Records from a dataset
=== Begin Enclosure ===
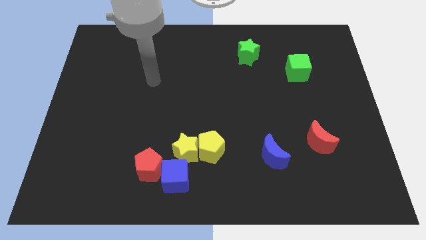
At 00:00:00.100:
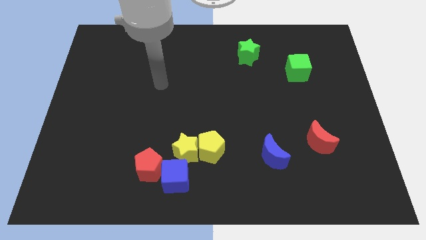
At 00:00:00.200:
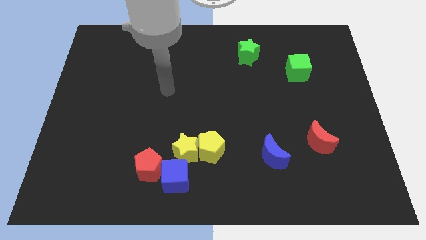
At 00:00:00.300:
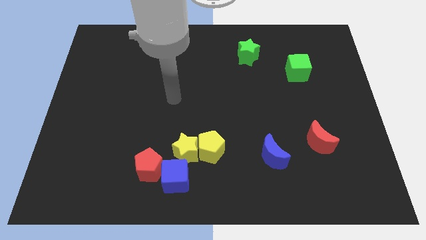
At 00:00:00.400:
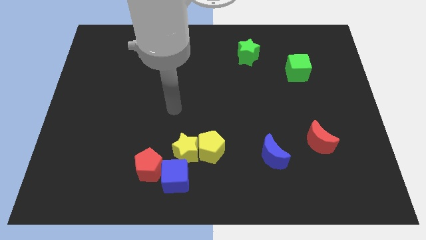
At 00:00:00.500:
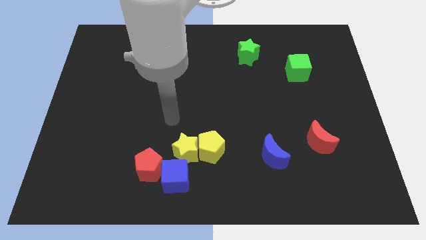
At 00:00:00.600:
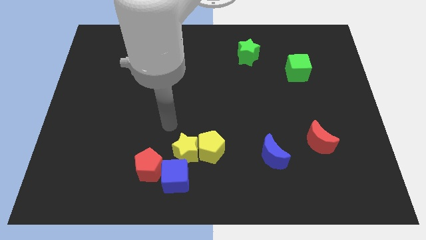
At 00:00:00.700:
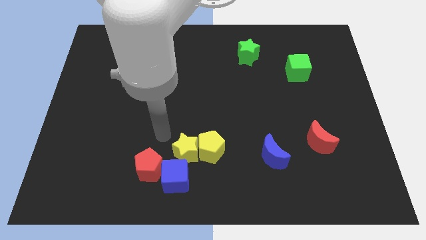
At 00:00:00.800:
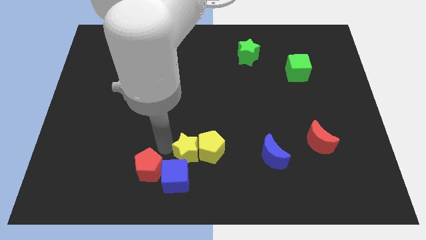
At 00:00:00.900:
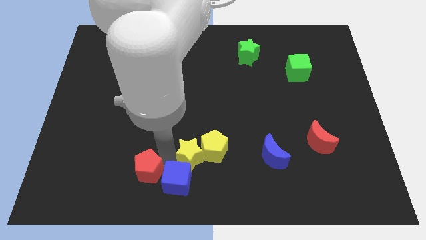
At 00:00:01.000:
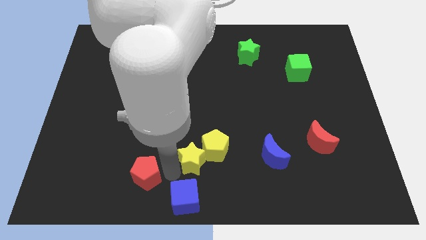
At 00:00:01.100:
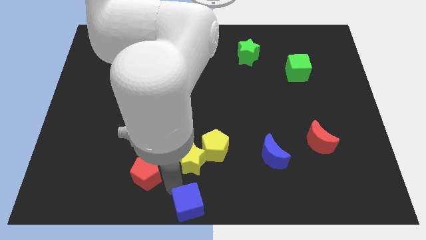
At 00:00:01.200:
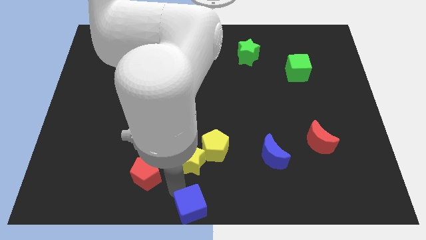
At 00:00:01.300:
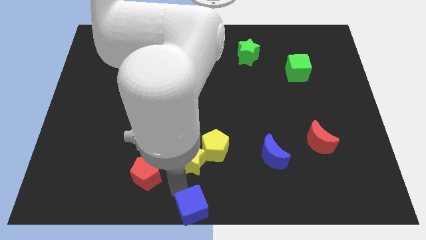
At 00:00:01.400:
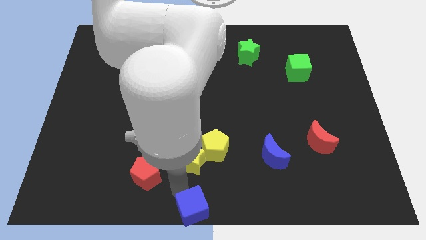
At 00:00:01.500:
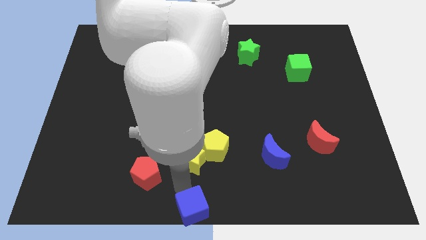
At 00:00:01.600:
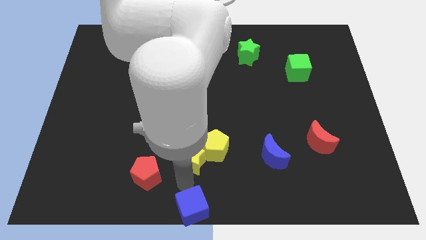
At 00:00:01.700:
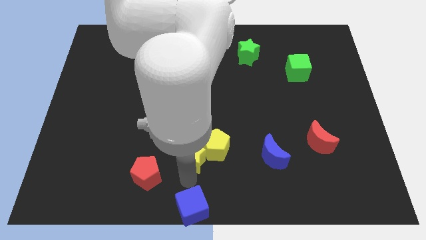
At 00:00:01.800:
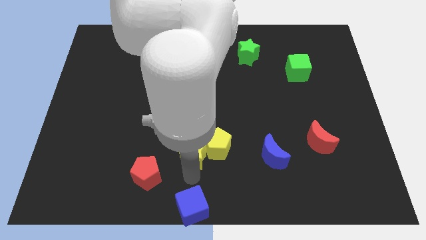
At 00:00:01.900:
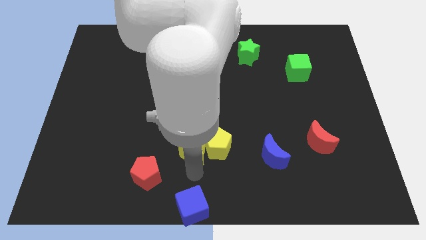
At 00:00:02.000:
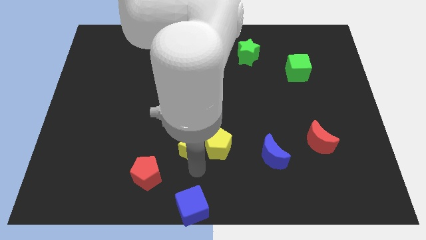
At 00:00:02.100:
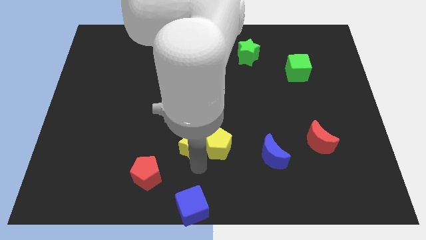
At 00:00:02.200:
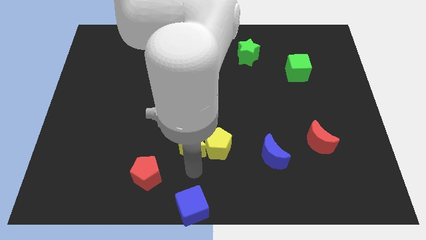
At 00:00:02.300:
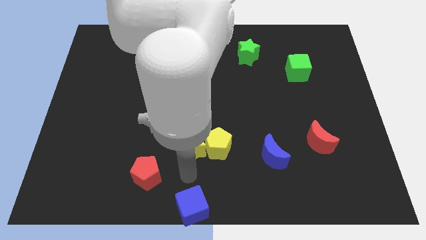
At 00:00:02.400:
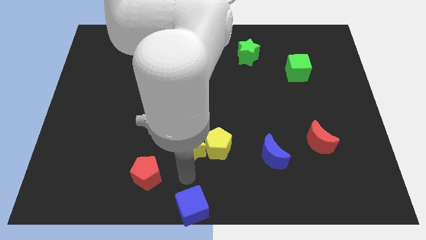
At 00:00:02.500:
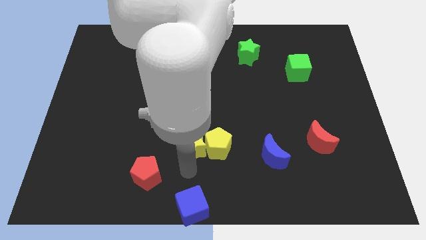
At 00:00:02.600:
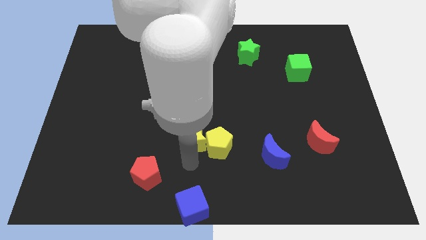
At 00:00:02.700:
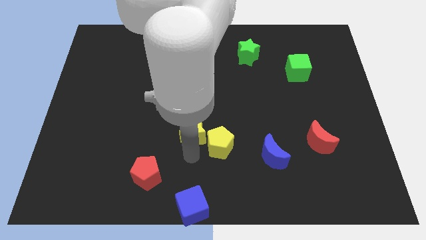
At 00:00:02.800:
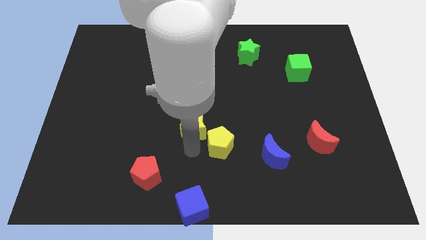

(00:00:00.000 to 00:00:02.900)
pull the yellow star apart from the yellow pentagon, blue cube, and red pentagon
=== End Enclosure ===
• Task details:
Apart from the pictures, return every entry above exactly as given.

• Exercise response:
At 00:00:00.100:
At 00:00:00.200:
At 00:00:00.300:
At 00:00:00.400:
At 00:00:00.500:
At 00:00:00.600:
At 00:00:00.700:
At 00:00:00.800:
At 00:00:00.900:
At 00:00:01.000:
At 00:00:01.100:
At 00:00:01.200:
At 00:00:01.300:
At 00:00:01.400:
At 00:00:01.500:
At 00:00:01.600:
At 00:00:01.700:
At 00:00:01.800:
At 00:00:01.900:
At 00:00:02.000:
At 00:00:02.100:
At 00:00:02.200:
At 00:00:02.300:
At 00:00:02.400:
At 00:00:02.500:
At 00:00:02.600:
At 00:00:02.700:
At 00:00:02.800:

(00:00:00.000 to 00:00:02.900)
pull the yellow star apart from the yellow pentagon, blue cube, and red pentagon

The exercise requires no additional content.